The plaintiff has filed grievances about his complaints and has recorded his request for medical care in "sick call slips." He also alleges that threats, intimidation, and racial slurs have been lodged against him. He claims that there has been a failure to respond to his complaints and/or a cover-up of the deficient medical care. The plaintiff has used the internal "chain of command" to the commissioners' office but allegedly has not had a response to his complaints.4
The plaintiff filed this suit on April 21, 2014 against the City of Philadelphia, Prison Health Services/Corizon, Mayor Nutter, Commissioner Giorla, and Warden Farrell.5 He is asking that the court immediately void the contract between the City of Philadelphia and Prison Health Services/Corizon and for an award of damages against the defendants in the amount of $3.2 million plus legal fees.6 He has attached a grievance form to his complaint which is dated April 21, 2014. Some of the writing on the grievance is unclear though it does appear to indicate his concerns about medical care and retaliatory acts by staff. This grievance indicates it is distributed to the Warden and to the Deputy Warden for Administration. No information is offered about whether these grievances were addressed by the administration or whether the plaintiff appealed any grievance decisions.7
Defendant Corizon filed a motion to dismiss under Rule 12(b)(6) on July 30, 2014. The City defendants filed a motion to dismiss on August 14, 2014. The plaintiff responded to these motions.8 The plaintiff requested appointment of counsel, which I granted.9 However, no attorney has agreed to take his case. He has decided to proceed pro se.10 I held an in-person Rule 16 conference on November 6, 2014. During this conference, the parties also offered arguments about the motions to dismiss and several TROs which the plaintiff had filed. I subsequently denied those TRO requests.
II. STANDARD OF REVIEW
A motion to dismiss under Rule 12(b)(6) of the Federal Rules of Civil Procedure for failure to state a claim upon which relief can be granted examines the legal sufficiency of the complaint.11 Conley v. Gibson, 355 U.S. 41, 45-46 (1957). The factual allegations must be sufficient to make the claim for relief more than just speculative. Bell Atlantic Corp. v. Twombly, 550 U.S. 544, 555 (2007). In determining whether to grant a motion to dismiss, a federal court must accept all factual allegations in the complaint as true and draw all reasonable inferences in favor of the plaintiff. Id.; see also D.P. Enters. v. Bucks County Cmty. Coll., 725 F.2d 943, 944 (3d Cir. 1984).

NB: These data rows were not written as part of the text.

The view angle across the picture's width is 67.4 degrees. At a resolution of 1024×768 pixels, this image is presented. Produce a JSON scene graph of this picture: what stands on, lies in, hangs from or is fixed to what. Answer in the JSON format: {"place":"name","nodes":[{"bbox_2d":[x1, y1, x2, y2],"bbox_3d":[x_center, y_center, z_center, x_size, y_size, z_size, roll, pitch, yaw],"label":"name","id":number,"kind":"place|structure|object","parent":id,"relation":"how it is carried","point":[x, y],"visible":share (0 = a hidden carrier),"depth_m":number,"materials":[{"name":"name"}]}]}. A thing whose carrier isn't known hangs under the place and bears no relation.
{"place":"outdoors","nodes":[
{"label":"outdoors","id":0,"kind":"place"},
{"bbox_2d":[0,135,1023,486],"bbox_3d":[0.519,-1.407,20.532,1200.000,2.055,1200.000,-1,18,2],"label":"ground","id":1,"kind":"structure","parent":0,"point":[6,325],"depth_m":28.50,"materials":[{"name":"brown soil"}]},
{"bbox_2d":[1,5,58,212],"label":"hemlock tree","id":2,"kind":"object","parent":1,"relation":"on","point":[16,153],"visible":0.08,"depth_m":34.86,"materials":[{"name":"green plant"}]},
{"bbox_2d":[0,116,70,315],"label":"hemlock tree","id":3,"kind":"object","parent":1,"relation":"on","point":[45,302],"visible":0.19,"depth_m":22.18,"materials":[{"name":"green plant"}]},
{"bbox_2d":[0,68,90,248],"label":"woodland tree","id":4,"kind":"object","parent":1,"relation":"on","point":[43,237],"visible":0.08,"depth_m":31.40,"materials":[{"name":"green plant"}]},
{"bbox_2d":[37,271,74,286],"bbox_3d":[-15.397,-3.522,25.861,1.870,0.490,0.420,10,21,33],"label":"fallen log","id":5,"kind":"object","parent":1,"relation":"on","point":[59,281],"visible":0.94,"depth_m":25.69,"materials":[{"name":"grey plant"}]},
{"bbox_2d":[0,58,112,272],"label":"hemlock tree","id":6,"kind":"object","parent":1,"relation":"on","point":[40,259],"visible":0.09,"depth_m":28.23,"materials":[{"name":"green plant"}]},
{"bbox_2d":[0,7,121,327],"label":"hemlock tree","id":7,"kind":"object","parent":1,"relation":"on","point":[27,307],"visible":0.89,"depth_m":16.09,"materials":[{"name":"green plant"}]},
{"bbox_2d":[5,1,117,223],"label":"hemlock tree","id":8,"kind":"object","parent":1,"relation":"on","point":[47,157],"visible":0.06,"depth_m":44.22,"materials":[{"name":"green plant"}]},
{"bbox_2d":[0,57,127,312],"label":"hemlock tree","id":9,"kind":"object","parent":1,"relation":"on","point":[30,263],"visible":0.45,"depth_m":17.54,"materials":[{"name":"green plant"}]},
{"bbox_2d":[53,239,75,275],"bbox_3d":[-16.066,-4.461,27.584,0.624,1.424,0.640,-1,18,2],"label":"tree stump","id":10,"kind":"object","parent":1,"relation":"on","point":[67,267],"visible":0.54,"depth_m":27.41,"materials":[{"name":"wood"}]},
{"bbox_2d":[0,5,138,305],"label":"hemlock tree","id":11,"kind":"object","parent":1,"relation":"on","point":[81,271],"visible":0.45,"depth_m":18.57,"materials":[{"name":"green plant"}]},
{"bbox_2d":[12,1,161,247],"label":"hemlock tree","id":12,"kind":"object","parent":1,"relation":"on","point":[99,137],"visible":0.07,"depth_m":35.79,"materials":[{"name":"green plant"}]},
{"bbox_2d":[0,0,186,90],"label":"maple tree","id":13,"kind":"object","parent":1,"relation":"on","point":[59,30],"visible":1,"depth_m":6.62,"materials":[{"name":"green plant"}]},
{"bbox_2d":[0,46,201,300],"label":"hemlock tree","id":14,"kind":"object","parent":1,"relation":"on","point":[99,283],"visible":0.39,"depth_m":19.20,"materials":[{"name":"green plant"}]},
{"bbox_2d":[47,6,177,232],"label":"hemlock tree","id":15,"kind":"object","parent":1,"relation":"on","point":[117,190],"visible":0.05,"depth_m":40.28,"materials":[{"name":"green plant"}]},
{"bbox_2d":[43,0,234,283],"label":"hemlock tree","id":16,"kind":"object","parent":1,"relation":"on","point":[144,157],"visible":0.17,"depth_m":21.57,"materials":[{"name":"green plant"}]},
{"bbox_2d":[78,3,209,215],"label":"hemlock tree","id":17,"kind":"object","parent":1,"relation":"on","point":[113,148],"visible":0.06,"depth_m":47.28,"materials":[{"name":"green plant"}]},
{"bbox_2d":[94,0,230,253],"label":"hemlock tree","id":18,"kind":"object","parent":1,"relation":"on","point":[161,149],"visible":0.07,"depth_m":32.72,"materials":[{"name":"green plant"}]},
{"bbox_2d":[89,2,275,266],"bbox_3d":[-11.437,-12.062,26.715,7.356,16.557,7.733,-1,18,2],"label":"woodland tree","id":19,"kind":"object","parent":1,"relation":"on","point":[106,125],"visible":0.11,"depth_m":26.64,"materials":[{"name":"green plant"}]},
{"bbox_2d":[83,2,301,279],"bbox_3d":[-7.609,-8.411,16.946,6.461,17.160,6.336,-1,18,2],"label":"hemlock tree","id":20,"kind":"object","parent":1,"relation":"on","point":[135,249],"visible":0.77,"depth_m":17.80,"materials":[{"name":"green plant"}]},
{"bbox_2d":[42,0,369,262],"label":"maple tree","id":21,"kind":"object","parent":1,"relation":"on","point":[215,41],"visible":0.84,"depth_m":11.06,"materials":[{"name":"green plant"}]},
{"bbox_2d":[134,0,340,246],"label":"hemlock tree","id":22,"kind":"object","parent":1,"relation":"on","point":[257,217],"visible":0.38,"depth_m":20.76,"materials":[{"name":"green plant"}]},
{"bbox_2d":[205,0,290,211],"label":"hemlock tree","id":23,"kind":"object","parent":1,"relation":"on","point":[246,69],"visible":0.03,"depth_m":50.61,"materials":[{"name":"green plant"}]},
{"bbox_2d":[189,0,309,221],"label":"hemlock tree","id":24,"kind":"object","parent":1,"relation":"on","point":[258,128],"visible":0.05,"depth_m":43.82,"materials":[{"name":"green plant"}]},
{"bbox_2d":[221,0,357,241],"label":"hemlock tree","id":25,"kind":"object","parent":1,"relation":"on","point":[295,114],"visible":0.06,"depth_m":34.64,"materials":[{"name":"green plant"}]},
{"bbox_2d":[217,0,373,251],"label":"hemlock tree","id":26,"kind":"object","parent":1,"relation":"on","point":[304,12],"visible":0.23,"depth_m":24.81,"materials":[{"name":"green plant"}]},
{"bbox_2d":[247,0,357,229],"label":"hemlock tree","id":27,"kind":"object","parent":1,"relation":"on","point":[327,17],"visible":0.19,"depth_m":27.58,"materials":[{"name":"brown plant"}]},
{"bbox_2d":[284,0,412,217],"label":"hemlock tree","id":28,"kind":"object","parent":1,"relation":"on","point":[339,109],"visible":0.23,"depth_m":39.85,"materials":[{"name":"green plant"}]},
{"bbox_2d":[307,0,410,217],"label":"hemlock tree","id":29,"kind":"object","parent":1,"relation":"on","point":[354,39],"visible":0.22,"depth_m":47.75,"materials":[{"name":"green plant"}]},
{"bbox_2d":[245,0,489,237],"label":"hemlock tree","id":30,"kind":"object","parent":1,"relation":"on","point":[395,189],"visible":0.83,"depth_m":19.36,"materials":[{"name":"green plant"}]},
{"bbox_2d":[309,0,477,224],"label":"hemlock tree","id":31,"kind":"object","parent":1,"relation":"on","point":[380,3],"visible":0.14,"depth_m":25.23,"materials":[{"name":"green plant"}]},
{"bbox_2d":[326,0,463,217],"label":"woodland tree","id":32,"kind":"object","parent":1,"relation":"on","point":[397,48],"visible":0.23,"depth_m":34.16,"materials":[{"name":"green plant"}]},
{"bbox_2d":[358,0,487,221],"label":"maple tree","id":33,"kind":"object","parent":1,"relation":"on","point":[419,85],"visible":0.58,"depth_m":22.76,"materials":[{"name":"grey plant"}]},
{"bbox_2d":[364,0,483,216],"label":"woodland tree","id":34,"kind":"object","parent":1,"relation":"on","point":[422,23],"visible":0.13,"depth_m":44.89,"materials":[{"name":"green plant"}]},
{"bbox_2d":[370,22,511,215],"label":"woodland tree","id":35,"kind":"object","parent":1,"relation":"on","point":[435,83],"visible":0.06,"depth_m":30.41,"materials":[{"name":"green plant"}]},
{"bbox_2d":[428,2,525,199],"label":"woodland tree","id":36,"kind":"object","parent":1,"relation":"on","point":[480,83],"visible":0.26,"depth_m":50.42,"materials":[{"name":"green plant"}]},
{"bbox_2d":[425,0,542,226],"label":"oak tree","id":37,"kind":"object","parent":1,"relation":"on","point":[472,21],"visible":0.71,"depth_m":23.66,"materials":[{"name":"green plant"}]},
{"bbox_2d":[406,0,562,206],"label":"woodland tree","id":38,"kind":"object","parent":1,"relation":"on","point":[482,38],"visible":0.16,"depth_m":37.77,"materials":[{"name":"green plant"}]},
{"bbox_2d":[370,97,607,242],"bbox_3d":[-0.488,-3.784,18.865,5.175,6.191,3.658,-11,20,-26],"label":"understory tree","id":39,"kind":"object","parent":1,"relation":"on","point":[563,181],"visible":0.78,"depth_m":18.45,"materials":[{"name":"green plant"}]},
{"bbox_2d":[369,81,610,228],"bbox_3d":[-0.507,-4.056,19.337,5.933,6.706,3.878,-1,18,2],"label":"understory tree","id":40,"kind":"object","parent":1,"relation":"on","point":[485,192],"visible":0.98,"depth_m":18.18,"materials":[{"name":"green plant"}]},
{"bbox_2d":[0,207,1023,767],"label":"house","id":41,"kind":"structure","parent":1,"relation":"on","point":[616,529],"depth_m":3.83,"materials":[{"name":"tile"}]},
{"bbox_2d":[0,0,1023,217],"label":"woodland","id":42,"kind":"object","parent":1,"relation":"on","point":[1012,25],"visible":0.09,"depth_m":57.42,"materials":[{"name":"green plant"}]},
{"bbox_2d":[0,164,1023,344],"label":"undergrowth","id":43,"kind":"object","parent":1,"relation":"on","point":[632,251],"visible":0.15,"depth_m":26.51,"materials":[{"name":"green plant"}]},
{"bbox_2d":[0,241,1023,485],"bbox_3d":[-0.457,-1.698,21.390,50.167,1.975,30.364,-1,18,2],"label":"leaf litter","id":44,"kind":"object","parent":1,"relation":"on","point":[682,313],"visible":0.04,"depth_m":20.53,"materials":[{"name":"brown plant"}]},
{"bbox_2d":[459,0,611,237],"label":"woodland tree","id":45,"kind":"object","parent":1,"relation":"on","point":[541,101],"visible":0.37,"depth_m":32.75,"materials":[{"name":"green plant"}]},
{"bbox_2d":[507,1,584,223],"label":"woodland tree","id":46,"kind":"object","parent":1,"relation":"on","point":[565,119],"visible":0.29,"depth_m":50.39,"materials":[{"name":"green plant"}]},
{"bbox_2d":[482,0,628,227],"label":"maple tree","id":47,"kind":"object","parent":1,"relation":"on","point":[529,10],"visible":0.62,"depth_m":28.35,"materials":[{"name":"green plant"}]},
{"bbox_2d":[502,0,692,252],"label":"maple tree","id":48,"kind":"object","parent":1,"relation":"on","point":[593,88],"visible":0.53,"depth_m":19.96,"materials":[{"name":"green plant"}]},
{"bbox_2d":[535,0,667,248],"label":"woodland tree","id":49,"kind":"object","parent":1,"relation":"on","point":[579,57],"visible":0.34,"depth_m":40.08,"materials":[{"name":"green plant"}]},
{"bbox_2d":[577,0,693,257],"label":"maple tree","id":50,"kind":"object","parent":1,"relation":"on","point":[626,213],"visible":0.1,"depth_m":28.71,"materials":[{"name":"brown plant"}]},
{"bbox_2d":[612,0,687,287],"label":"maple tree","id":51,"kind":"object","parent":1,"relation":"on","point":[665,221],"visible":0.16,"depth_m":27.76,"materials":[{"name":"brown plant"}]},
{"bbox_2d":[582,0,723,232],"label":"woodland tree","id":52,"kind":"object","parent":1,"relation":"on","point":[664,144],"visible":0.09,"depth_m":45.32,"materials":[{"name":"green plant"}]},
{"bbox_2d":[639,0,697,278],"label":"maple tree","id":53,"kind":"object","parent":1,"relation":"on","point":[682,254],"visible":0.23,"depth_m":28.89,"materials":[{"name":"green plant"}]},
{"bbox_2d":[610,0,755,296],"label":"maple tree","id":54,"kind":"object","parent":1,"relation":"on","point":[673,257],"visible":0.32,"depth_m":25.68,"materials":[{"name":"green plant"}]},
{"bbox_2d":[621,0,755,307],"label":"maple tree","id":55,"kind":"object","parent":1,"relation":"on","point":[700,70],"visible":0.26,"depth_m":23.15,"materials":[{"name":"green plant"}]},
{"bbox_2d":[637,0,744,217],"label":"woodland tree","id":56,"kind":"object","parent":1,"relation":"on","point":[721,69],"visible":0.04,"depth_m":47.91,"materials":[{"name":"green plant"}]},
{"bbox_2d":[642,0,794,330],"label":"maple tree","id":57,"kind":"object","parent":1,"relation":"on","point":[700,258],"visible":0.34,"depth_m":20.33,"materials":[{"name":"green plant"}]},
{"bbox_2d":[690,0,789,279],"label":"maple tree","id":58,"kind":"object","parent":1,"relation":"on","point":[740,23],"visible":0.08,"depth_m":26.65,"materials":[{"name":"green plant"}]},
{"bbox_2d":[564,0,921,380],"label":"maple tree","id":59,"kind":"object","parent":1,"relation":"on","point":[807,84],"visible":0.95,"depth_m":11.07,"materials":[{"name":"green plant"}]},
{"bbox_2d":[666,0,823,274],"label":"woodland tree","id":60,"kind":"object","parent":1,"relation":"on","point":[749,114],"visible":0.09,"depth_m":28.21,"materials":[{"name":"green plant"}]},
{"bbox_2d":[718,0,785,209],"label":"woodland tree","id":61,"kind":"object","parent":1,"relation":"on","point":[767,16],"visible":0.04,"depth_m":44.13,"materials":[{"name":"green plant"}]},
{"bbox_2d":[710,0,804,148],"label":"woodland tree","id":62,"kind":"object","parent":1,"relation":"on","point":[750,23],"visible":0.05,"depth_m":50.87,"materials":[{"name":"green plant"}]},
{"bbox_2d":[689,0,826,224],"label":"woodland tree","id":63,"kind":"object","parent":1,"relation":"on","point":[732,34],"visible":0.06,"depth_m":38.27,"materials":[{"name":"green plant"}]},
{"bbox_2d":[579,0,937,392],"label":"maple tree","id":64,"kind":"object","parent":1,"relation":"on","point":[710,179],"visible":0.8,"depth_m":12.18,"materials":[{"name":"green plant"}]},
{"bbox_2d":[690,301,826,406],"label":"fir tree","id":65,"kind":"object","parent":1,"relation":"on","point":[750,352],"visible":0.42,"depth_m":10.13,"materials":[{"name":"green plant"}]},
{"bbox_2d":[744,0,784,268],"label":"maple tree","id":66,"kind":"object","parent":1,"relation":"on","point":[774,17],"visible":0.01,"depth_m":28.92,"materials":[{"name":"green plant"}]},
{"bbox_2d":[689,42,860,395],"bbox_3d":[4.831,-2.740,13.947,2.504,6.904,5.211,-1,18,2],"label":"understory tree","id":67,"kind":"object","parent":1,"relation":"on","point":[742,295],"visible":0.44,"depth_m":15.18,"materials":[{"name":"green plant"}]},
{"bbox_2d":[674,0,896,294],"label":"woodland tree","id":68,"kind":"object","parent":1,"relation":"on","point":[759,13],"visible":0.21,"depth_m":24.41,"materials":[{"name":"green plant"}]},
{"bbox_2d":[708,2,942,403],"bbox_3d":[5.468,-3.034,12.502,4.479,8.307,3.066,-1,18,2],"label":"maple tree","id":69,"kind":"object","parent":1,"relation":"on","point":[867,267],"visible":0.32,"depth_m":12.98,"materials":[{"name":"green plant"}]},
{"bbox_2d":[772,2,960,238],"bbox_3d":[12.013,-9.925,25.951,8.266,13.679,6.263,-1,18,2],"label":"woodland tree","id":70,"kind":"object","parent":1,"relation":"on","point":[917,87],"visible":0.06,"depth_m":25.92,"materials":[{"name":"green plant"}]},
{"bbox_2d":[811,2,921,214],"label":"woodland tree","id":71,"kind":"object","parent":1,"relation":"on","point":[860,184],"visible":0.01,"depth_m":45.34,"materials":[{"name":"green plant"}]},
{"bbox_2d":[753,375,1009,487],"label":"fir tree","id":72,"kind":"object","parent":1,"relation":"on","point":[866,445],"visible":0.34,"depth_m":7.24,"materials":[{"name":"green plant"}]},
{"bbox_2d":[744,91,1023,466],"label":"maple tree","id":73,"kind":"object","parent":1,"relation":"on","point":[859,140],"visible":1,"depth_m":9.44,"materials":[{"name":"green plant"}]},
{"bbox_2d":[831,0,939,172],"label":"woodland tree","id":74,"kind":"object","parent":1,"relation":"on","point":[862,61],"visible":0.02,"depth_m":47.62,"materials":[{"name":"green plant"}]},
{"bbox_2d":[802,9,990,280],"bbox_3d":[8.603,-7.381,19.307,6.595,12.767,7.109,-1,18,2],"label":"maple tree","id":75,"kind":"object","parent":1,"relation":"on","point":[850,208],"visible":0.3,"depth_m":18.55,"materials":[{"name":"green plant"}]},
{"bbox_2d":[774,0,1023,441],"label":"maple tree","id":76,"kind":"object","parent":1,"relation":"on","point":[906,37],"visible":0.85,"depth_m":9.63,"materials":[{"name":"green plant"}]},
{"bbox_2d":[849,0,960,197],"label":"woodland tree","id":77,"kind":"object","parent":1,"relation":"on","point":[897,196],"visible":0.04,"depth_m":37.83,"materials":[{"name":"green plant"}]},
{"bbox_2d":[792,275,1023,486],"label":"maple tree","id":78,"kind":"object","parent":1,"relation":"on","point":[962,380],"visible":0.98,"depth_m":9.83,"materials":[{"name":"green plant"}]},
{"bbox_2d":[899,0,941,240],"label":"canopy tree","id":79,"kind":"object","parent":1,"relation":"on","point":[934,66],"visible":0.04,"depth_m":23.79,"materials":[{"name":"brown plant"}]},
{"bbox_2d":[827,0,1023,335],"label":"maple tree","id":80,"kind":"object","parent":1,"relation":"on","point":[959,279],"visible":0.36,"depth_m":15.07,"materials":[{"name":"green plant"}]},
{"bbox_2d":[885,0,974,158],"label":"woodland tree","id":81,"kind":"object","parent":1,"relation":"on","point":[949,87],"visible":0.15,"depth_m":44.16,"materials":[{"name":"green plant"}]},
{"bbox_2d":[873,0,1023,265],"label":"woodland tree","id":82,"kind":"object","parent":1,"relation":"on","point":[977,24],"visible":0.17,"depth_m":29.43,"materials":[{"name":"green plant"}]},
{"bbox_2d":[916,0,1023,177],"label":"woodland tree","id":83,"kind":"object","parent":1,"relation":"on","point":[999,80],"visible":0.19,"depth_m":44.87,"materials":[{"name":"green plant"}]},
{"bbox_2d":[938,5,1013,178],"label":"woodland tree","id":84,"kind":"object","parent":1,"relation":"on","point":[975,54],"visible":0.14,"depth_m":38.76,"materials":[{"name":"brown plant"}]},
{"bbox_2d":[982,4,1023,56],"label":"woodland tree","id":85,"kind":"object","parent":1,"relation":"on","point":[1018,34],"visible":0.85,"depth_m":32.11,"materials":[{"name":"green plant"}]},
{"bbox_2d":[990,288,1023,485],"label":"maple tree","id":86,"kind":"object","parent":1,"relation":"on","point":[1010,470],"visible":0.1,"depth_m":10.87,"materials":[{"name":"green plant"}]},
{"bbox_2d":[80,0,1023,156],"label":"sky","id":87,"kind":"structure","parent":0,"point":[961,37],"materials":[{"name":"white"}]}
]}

The Federal Rules of Civil Procedure do not require a plaintiff to plead in detail all of the facts upon which he bases his claim. Conley, 355 U.S. at 47. Rather, the Rules require a "short and plain statement" of the claim that will give the defendant fair notice of the plaintiff's claim and the grounds upon which it rests. Id. The "complaint must allege facts suggestive of [the proscribed] conduct." Twombly, 550 U.S. at 564. Neither "bald assertions" nor "vague and conclusory allegations" are accepted as true. See Morse v. Lower Merion School Dist., 132 F.3d 902, 906 (3d Cir. 1997); Sterling v. Se. Pa. Transp. Auth., 897 F.Supp. 893 (E.D. Pa. 1995). The claim must contain enough factual matters to suggest the required elements of the claim or to "raise a reasonable expectation that discovery will reveal evidence of" those elements. Phillips v. County of Allegheny, 515 F.3d 224, 234 (3d Cir. 2008) (quoting Twombly, 550 U.S. at 556).
A court "may dismiss a complaint only if it is clear that no relief could be granted under any set of facts that could be proved consistent with the allegations." Brown v. Card Serv. Ctr., 464 F.3d 450, 456 (3d Cir. 2006)(quoting Hishon v. King & Spalding, 467 U.S. 69, 73 (1984)). In resolving motions pursuant to Rule 12(b)(6), courts must liberally construe pro se pleadings. See, e.g., Haines v. Kerner, 404 U.S. 519, 520-521 (1972).
III. DISCUSSION
"To state a claim under 42 U.S.C. § 1983, a plaintiff must allege the violation of a right secured by the Constitution and the laws of the United States, and must show that the alleged deprivation was committed by a person acting under color of state law." West v. Atkins, 487 U.S. 42, 48 (1988). In order to state a cognizable claim for improper medical care, "a prisoner must allege acts or omissions sufficiently harmful to evidence deliberate indifference to serious medical needs. It is only such indifference that can offend `evolving standards of decency' in violation of the Eighth Amendment." Estelle v. Gamble, 429 U.S. 97, 106 (1976).12 This standard thus requires both: 1) deliberate indifference on the part of prison officials, and 2) that the medical needs be serious. West v. Keve, 571 F.2d 158, 161 (3d Cir. 1978).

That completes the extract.